* _Prompt_
Reproduce each record below in full, word for word, without images.

[Records drawn from a dataset]
--------------------------------
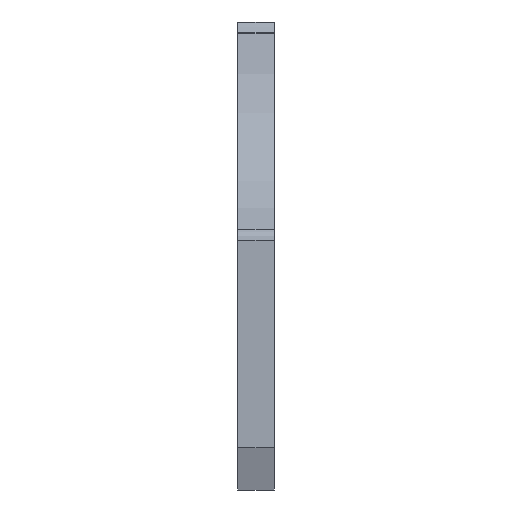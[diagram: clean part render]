
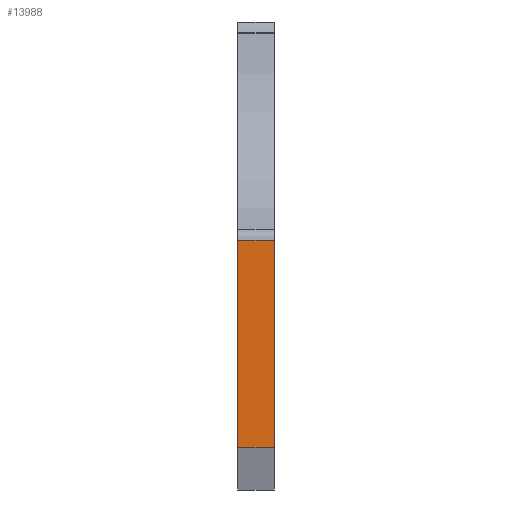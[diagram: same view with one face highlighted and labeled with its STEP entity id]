
A CAD part, top view. The second image highlights one B-rep face of the part: STEP entity #13988.
In plain terms, the highlighted planar face has unit normal (0, 0, 1).
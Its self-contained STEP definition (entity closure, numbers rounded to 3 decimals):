
#399 = DIRECTION ( 'NONE',  ( 0., 0., 1. ) ) ;
#524 = VECTOR ( 'NONE', #10711, 1000. ) ;
#580 = CARTESIAN_POINT ( 'NONE',  ( -1.5, 35., 1000. ) ) ;
#654 = VECTOR ( 'NONE', #15896, 1000. ) ;
#779 = LINE ( 'NONE', #580, #1183 ) ;
#826 = LINE ( 'NONE', #15598, #7525 ) ;
#930 = LINE ( 'NONE', #1734, #524 ) ;
#1183 = VECTOR ( 'NONE', #5834, 1000. ) ;
#1473 = CARTESIAN_POINT ( 'NONE',  ( 0., 0., 1000. ) ) ;
#1734 = CARTESIAN_POINT ( 'NONE',  ( -1.5, 17.026, 1000. ) ) ;
#4108 = DIRECTION ( 'NONE',  ( 0., 1., 0. ) ) ;
#5014 = EDGE_LOOP ( 'NONE', ( #12123, #15044, #9822, #6179 ) ) ;
#5834 = DIRECTION ( 'NONE',  ( 0., -1., 0. ) ) ;
#6179 = ORIENTED_EDGE ( 'NONE', *, *, #12252, .T. ) ;
#6856 = DIRECTION ( 'NONE',  ( 1., 0., 0. ) ) ;
#7389 = EDGE_CURVE ( 'NONE', #14037, #13063, #779, .T. ) ;
#7433 = AXIS2_PLACEMENT_3D ( 'NONE', #1473, #399, #6856 ) ;
#7525 = VECTOR ( 'NONE', #4108, 1000. ) ;
#8178 = VERTEX_POINT ( 'NONE', #16445 ) ;
#8358 = CARTESIAN_POINT ( 'NONE',  ( -1.5, 0., 1000. ) ) ;
#9573 = EDGE_CURVE ( 'NONE', #13772, #14037, #930, .T. ) ;
#9822 = ORIENTED_EDGE ( 'NONE', *, *, #7389, .T. ) ;
#10711 = DIRECTION ( 'NONE',  ( -1., 0., 0. ) ) ;
#12123 = ORIENTED_EDGE ( 'NONE', *, *, #13487, .T. ) ;
#12252 = EDGE_CURVE ( 'NONE', #13063, #8178, #14135, .T. ) ;
#13063 = VERTEX_POINT ( 'NONE', #8358 ) ;
#13071 = CARTESIAN_POINT ( 'NONE',  ( -1.5, 17.026, 1000. ) ) ;
#13228 = PLANE ( 'NONE',  #7433 ) ;
#13319 = CARTESIAN_POINT ( 'NONE',  ( -1.5, 0., 1000. ) ) ;
#13487 = EDGE_CURVE ( 'NONE', #8178, #13772, #826, .T. ) ;
#13756 = CARTESIAN_POINT ( 'NONE',  ( 1.5, 17.026, 1000. ) ) ;
#13772 = VERTEX_POINT ( 'NONE', #13756 ) ;
#13988 = ADVANCED_FACE ( 'NONE', ( #14495 ), #13228, .T. ) ;
#14037 = VERTEX_POINT ( 'NONE', #13071 ) ;
#14135 = LINE ( 'NONE', #13319, #654 ) ;
#14495 = FACE_OUTER_BOUND ( 'NONE', #5014, .T. ) ;
#15044 = ORIENTED_EDGE ( 'NONE', *, *, #9573, .T. ) ;
#15598 = CARTESIAN_POINT ( 'NONE',  ( 1.5, 35., 1000. ) ) ;
#15896 = DIRECTION ( 'NONE',  ( 1., 0., 0. ) ) ;
#16445 = CARTESIAN_POINT ( 'NONE',  ( 1.5, 0., 1000. ) ) ;
--------------------------------
* _Result of this task_
[diagram: clean part render]
[diagram: same view with one face highlighted and labeled with its STEP entity id]
A CAD part, top view. The second image highlights one B-rep face of the part: STEP entity #13988.
In plain terms, the highlighted planar face has unit normal (0, 0, 1).
Its self-contained STEP definition (entity closure, numbers rounded to 3 decimals):
#399 = DIRECTION ( 'NONE',  ( 0., 0., 1. ) ) ;
#524 = VECTOR ( 'NONE', #10711, 1000. ) ;
#580 = CARTESIAN_POINT ( 'NONE',  ( -1.5, 35., 1000. ) ) ;
#654 = VECTOR ( 'NONE', #15896, 1000. ) ;
#779 = LINE ( 'NONE', #580, #1183 ) ;
#826 = LINE ( 'NONE', #15598, #7525 ) ;
#930 = LINE ( 'NONE', #1734, #524 ) ;
#1183 = VECTOR ( 'NONE', #5834, 1000. ) ;
#1473 = CARTESIAN_POINT ( 'NONE',  ( 0., 0., 1000. ) ) ;
#1734 = CARTESIAN_POINT ( 'NONE',  ( -1.5, 17.026, 1000. ) ) ;
#4108 = DIRECTION ( 'NONE',  ( 0., 1., 0. ) ) ;
#5014 = EDGE_LOOP ( 'NONE', ( #12123, #15044, #9822, #6179 ) ) ;
#5834 = DIRECTION ( 'NONE',  ( 0., -1., 0. ) ) ;
#6179 = ORIENTED_EDGE ( 'NONE', *, *, #12252, .T. ) ;
#6856 = DIRECTION ( 'NONE',  ( 1., 0., 0. ) ) ;
#7389 = EDGE_CURVE ( 'NONE', #14037, #13063, #779, .T. ) ;
#7433 = AXIS2_PLACEMENT_3D ( 'NONE', #1473, #399, #6856 ) ;
#7525 = VECTOR ( 'NONE', #4108, 1000. ) ;
#8178 = VERTEX_POINT ( 'NONE', #16445 ) ;
#8358 = CARTESIAN_POINT ( 'NONE',  ( -1.5, 0., 1000. ) ) ;
#9573 = EDGE_CURVE ( 'NONE', #13772, #14037, #930, .T. ) ;
#9822 = ORIENTED_EDGE ( 'NONE', *, *, #7389, .T. ) ;
#10711 = DIRECTION ( 'NONE',  ( -1., 0., 0. ) ) ;
#12123 = ORIENTED_EDGE ( 'NONE', *, *, #13487, .T. ) ;
#12252 = EDGE_CURVE ( 'NONE', #13063, #8178, #14135, .T. ) ;
#13063 = VERTEX_POINT ( 'NONE', #8358 ) ;
#13071 = CARTESIAN_POINT ( 'NONE',  ( -1.5, 17.026, 1000. ) ) ;
#13228 = PLANE ( 'NONE',  #7433 ) ;
#13319 = CARTESIAN_POINT ( 'NONE',  ( -1.5, 0., 1000. ) ) ;
#13487 = EDGE_CURVE ( 'NONE', #8178, #13772, #826, .T. ) ;
#13756 = CARTESIAN_POINT ( 'NONE',  ( 1.5, 17.026, 1000. ) ) ;
#13772 = VERTEX_POINT ( 'NONE', #13756 ) ;
#13988 = ADVANCED_FACE ( 'NONE', ( #14495 ), #13228, .T. ) ;
#14037 = VERTEX_POINT ( 'NONE', #13071 ) ;
#14135 = LINE ( 'NONE', #13319, #654 ) ;
#14495 = FACE_OUTER_BOUND ( 'NONE', #5014, .T. ) ;
#15044 = ORIENTED_EDGE ( 'NONE', *, *, #9573, .T. ) ;
#15598 = CARTESIAN_POINT ( 'NONE',  ( 1.5, 35., 1000. ) ) ;
#15896 = DIRECTION ( 'NONE',  ( 1., 0., 0. ) ) ;
#16445 = CARTESIAN_POINT ( 'NONE',  ( 1.5, 0., 1000. ) ) ;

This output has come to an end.